Title Rotoreliefs (Optical Disks)
Material and technique Offset on cardboard
Object type
Assemblage > Three-dimensional object > Art object
Location This object is in storage
Dimensions Diameter 20 cm
Artists Artist: Marcel Duchamp
Accession number MB 1991/4 a recto (MK)
Credits Purchased 1991
Department Modern Art
Acquisition date 1991
Creation date in 1935
Internal exhibitions Marcel Duchamp, Kunstenaar - Knutselaar (2013)
External exhibitions A Surreal Shock – Masterpieces from Museum Boijmans Van Beuningen (2021)
Surrealist Art - Masterpieces from Museum Boijmans Van Beuningen (2021)
Research Show research A dream collection - Surrealism in Museum Boijmans Van Beuningen
Material
Object
Technique
Offset print > Mechanical > Planographic printing > Printing technique > Technique > Material and technique
Geographical origin France > Western Europe > Europe

Entry catalogue A dream collection - Surrealism in Museum Boijmans Van beuningen

Author: Bert Jansen

In early 1935 Marcel Duchamp wrote to the artist, patron and collector Katherine Dreier, who owned Le Grand Verre (1915-23), and told her that he had two projects in mind in which he wanted to hark back to earlier work.[1] The first was the reproduction of his oeuvre in a miniature museum, which would lead to La boîte-en-valise. The second project revisited the rotating discs he used for the 1926 film Anémic Cinéma, in which spinning discs with spiral patterns alternated with discs on which plays on words and sentences were written. The six discs in the museum’s collection are printed on both sides with the same spiral pattern, which when spun on a gramophone turntable give a suggestion of depth. Duchamp called them a ‘little game’ in his letter to Dreier. And like his lithograph Obligation de Monte Carlo, he wanted to market them outside the art world.

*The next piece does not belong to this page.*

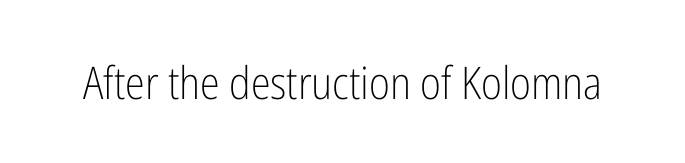
{"serif": "no", "italic": "no", "bold": "no", "weight": "light", "width": "condensed", "stroke_contrast": "low", "x_height": "medium", "monospaced": "no", "underline": "no", "letter_spacing": "normal", "letter_spacing_em": 0.0, "glyph_px": 45}
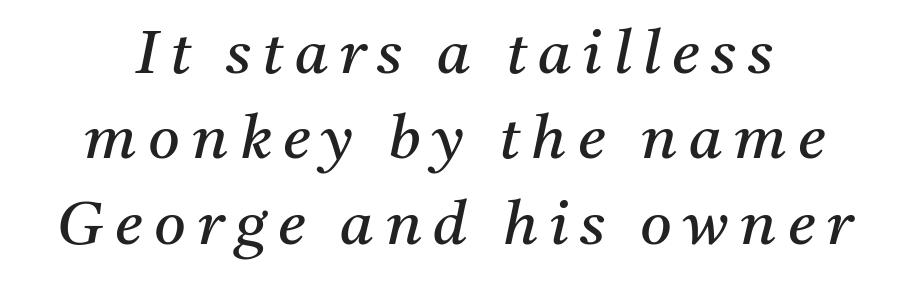
The image shows 61 px regular-weight serif type, italic (leaning right); set normal line spacing (1.4x), not underlined; medium stroke contrast and a medium x-height.

After registering the trademark on 9 May 1935, he had an edition of five hundred made. He presented them at the inventors’ fair Concours Lépine in Paris on 30 August 1935, but they aroused no interest. Duchamp then decided to show the discs to the art world after all, by publishing an article by his friend Gabrielle Buffet in Cahiers d’Art.[2] A number of Rotoreliefs were printed in colour alongside the article. The title of the piece, ‘Coeurs Volants’ (flying hearts), explained Duchamp’s design for the magazine’s cover: three hearts in alternating red and blue, partially overlapping. The difference in colour creates an optical tremor. The composition can be seen as the manifestation of the electrifying vibration between Duchamp and Buffet. Their friendship, which went back to 1911, developed into a love affair in 1921.[3] Alongside Buffet’s article, there was an explanation by an engineer about the physiological effect of this optical vibration between the red that appears to come to the fore and the blue that seems to recede, which is also contained in the term coeurs volants.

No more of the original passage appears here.